Фонарь Матвей Петровича
В моей руке горит…
Фонарь Матвей Петровича —
Как ярко он горит!
 
   Но встречусь ли я завтра с Мироном? Сегодня ночью, сейчас, арестуют, может быть, и меня. Как же тогда Мирон и доктор? Он не знает ни имени врача, ни номера кабинета. (Теперь соринкой в глазу, мешающей осознать случившееся, был, как мне казалось, завтрашний медицинский осмотр Мирона. Надо и от этой соринки избавиться, и тогда я наконец осознаю.)
   Четверть первого ночи. Я позвонила Мирону. Его нет дома, трубку взяла мать.
   — Мария Самойловна, — сказала я торопливо. — Передайте, пожалуйста, Мирону, что номер кабинета — 23, а фамилия врача — Резвин. Если завтра я к десяти не приду — пусть он идет сам. Врач примет его… Он записан.
   — Мирон один не пойдет… — с неудовольствием ответила Мария Самойловна. — А с вами случилось что-нибудь? Вы заболели?
   — Нет. Я здорова, но…
   Я не договорила. В эту секунду раздался резкий и продолжительный звонок в дверь.
   — К вам звонят? — спросила Мария Самойловна. — Что случилось? Кто это к вам так поздно?
   — До свидания, — ответила я. — Пусть Мирон идет один, без меня. Кабинет 23. А может быть, я и приду.
   Снова — длинный звонок.
   — До свидания… — и я повесила трубку.
   Открыла дверь. Это были они. Рядом с ними стоял Изя Гликин.
   — Проходите, гражданин, раз пришли, — сказал грязный и пропустил Изю вперед.
   Он был по-прежнему обструганный, белесый и плоский, но за время своего отсутствия набрался повелительности. По-видимому, теперь он уже располагал всеми инструкциями.
   Без спроса он шагнул в Люшину комнату, нашарил выключатель, зажег свет. Изя снял и повесил свою куртку на вешалку. Второй налетчик вошел следом за первым. И мы с Изей за ними. Первый предъявил мне бумагу — бланк со штемпелем. Это был ордер на арест Бронштейна, Матвея Петровича, и на обыск в занимаемой им квартире.
   — Отравляющие вещества имеются? Оружие есть? Если есть — сдайте лучше сами.
   Я поглядела с судорожной улыбкой на этого шутника-идиота. Что он — притворяется или в самом деле воображает, будто мы, мы! способны хранить оружие и яды?
   Я мотнула головой.
   — Покажите нам его комнату, — приказал мне главный. — А вы, гражданин, останетесь здесь.
   Изя присел на Люшину табуретку. Еще один звонок в дверь.
   — Это свои, — сказал главный и сам отворил входную дверь.
   Вошли солдаты. Ему они были свои. Двое. Они заняли позиции в передней по обеим сторонам телефона.
   Изя Гликин — у Люши в детской; я и налетчики — в Митиной комнате.

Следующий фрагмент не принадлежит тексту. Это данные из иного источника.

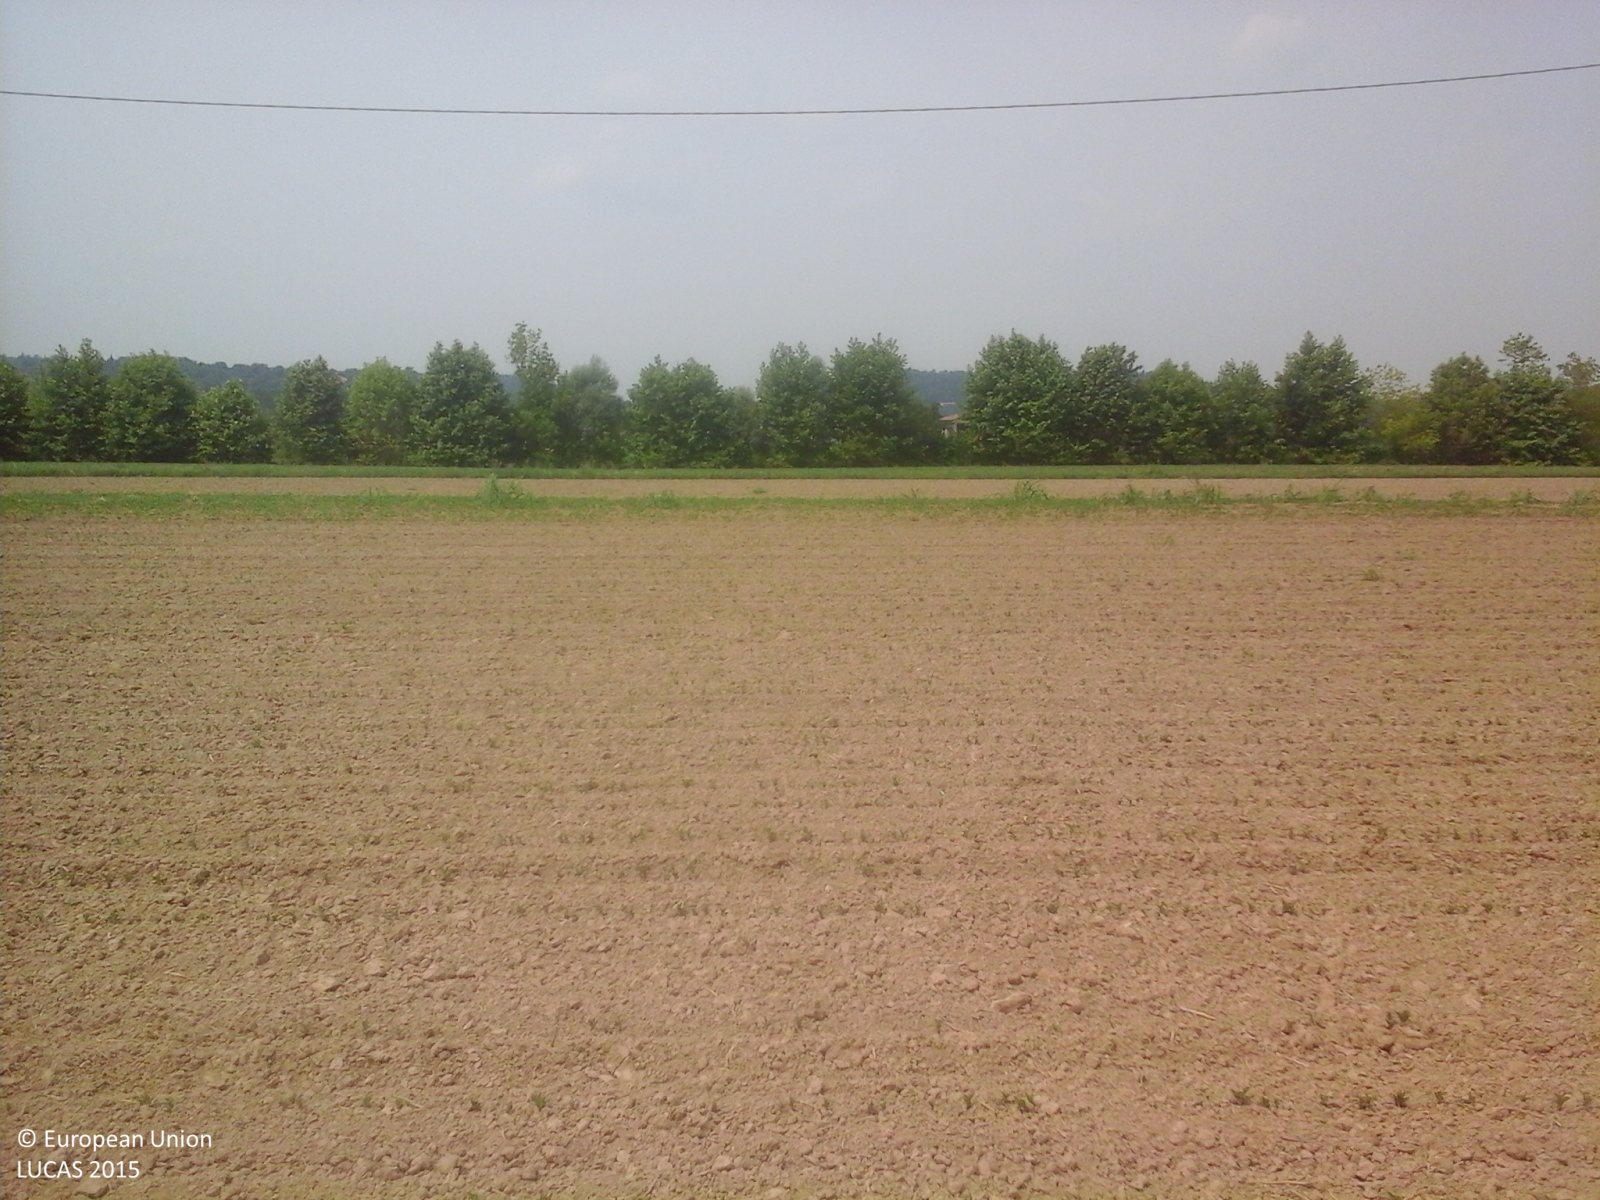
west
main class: Cropland
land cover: Soya
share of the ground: < 10 %
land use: Agriculture (excluding fallow land and kitchen gardens)
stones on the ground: < 10 %
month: June
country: IT
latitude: 45.3826
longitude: 11.6957
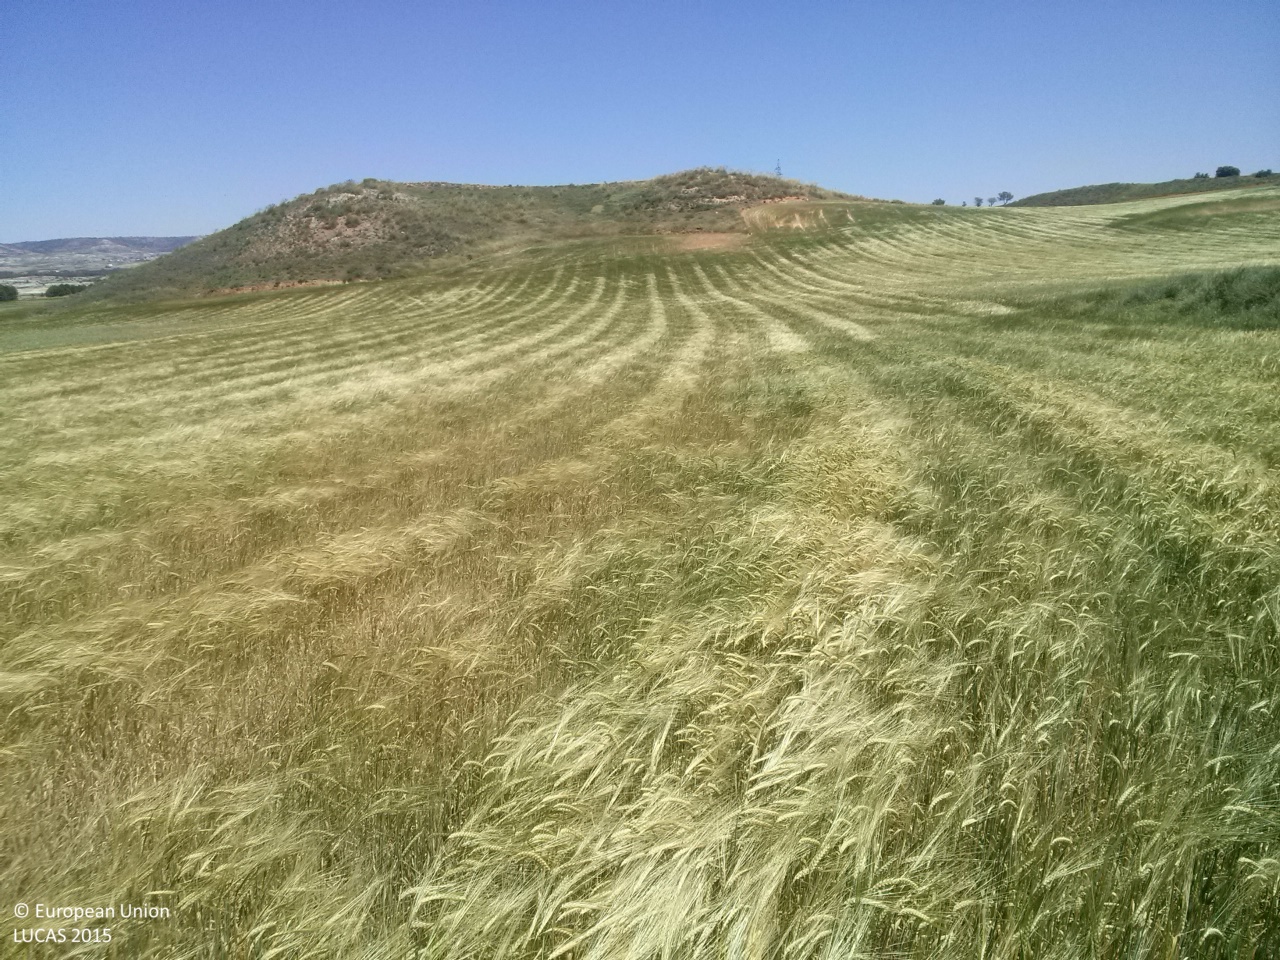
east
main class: Cropland
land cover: Barley
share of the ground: > 75 %
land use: Agriculture (excluding fallow land and kitchen gardens)
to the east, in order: Barley; Shrubland without tree cover; Barley; Grassland without tree/shrub cover
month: May
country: ES
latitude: 40.3282
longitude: -2.7481
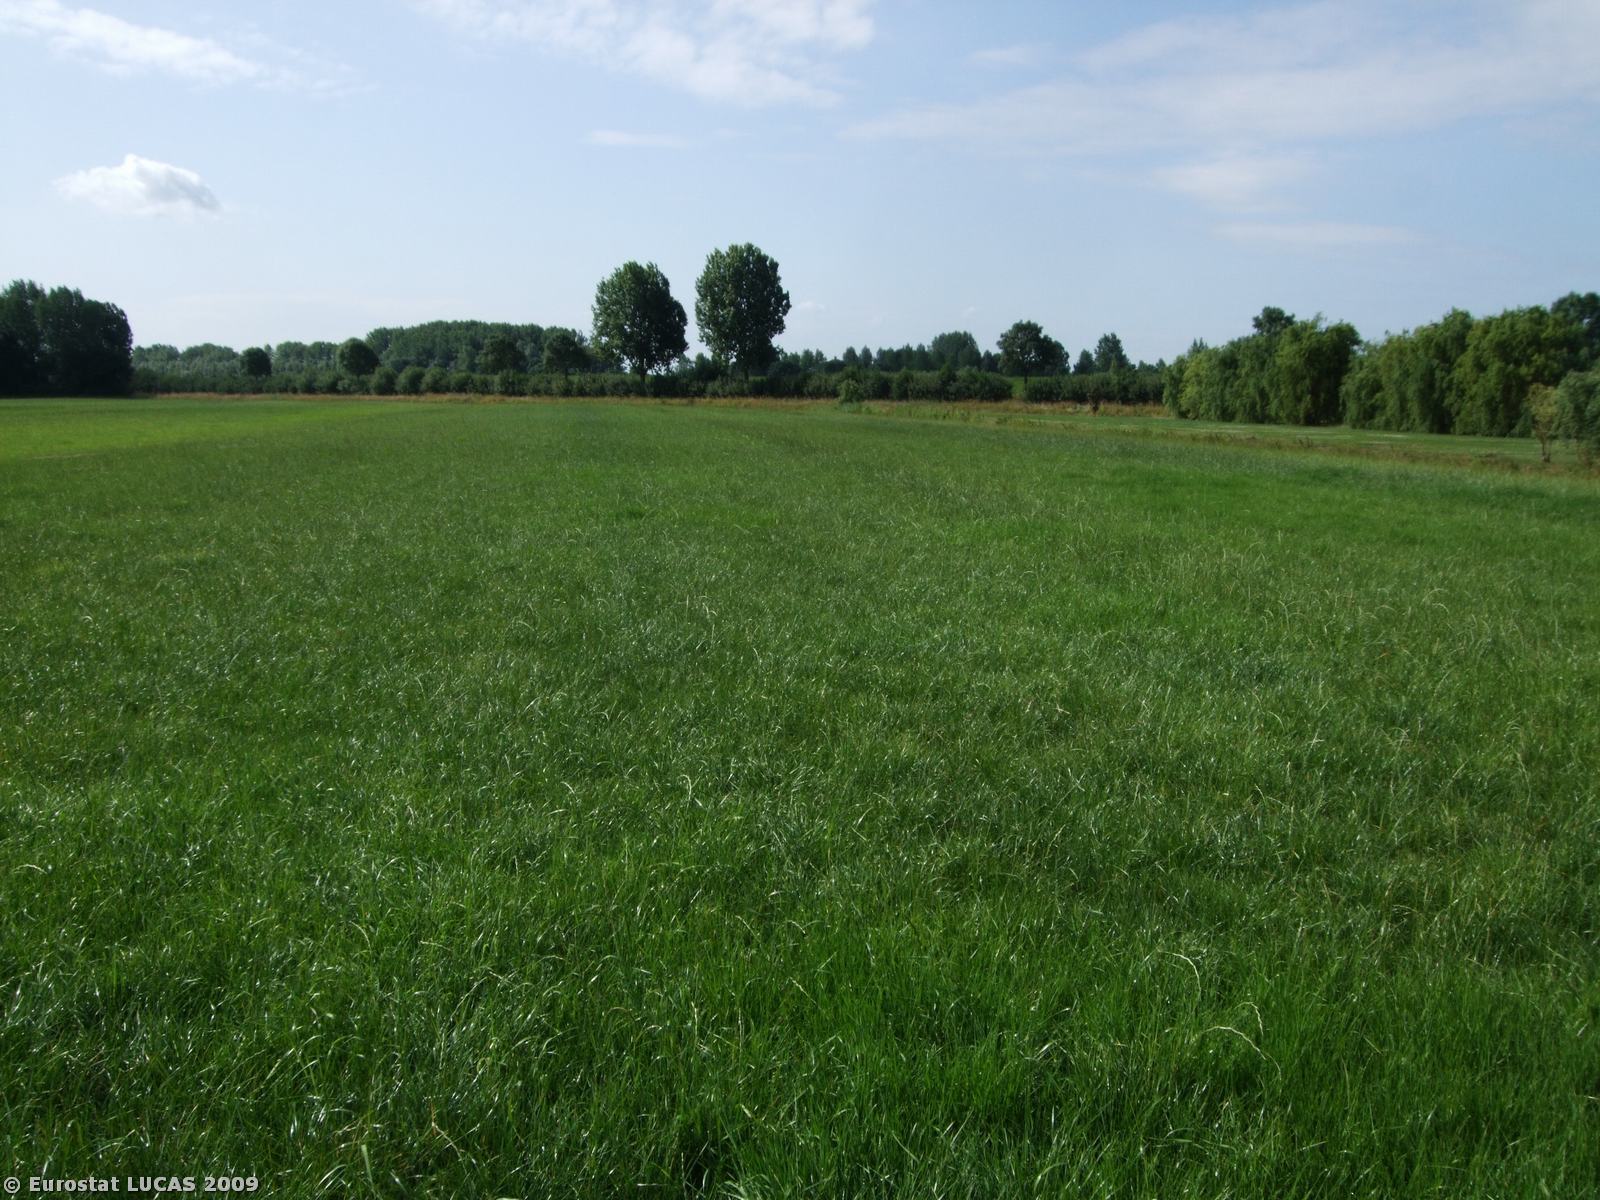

   Я сижу на тахте. Опять на том же месте, где сидела до. Я уже догадывалась, что с этой ночи вся моя жизнь будет делиться на до и после.
   Арестован уже Митя или нет? Знают ли они, что он в Киеве? Если нет — то как мне предупредить его? Телеграмму перехватят. Уведут меня после обыска или оставят дома?
   Если я останусь на воле — попрошу съездить в Киев Изю. Он толковее, чем Мирон, старше. Нет, нельзя. Изя уже у них на примете. Кроме того, он — служащий, поездка — прогул.
   Налетчики работали очень своеобразно. Они выдвигали ящики письменного стола, вытаскивали оттуда бумаги и, не читая, рвали их в мелкие клочья. «Не трогайте его чертежи!» Это я только подумала, но не сказала. Оцепенение, немота уже охватили меня. Это было не оцепенение страха, но — осознание тщетности любых слов. Обращаться к этим людям с какими-либо словами так же нелепо, как к стульям или трубам парового отопления. Поразило меня, что они нисколько не интересовались ни формулами, ни вообще ничем написанным: рвали в мелкие клочья и кидали на пол. На основании чего же, каких документов, собирался Большой Дом вести следствие? И стихи Мандельштама, конечно, не стали бы они читать… Чтением они вообще себя не утруждали и ничего написанного не намеревались взять с собой. (Сейчас, в 80—83-м годах, молодые физики нередко спрашивают: сохранился ли у меня в полном, подлинном виде, экземпляр докторской диссертации Матвея Петровича? У меня — нет. Быть может, в ВАКе? В Митиной комнате по ней ходили сапогами.)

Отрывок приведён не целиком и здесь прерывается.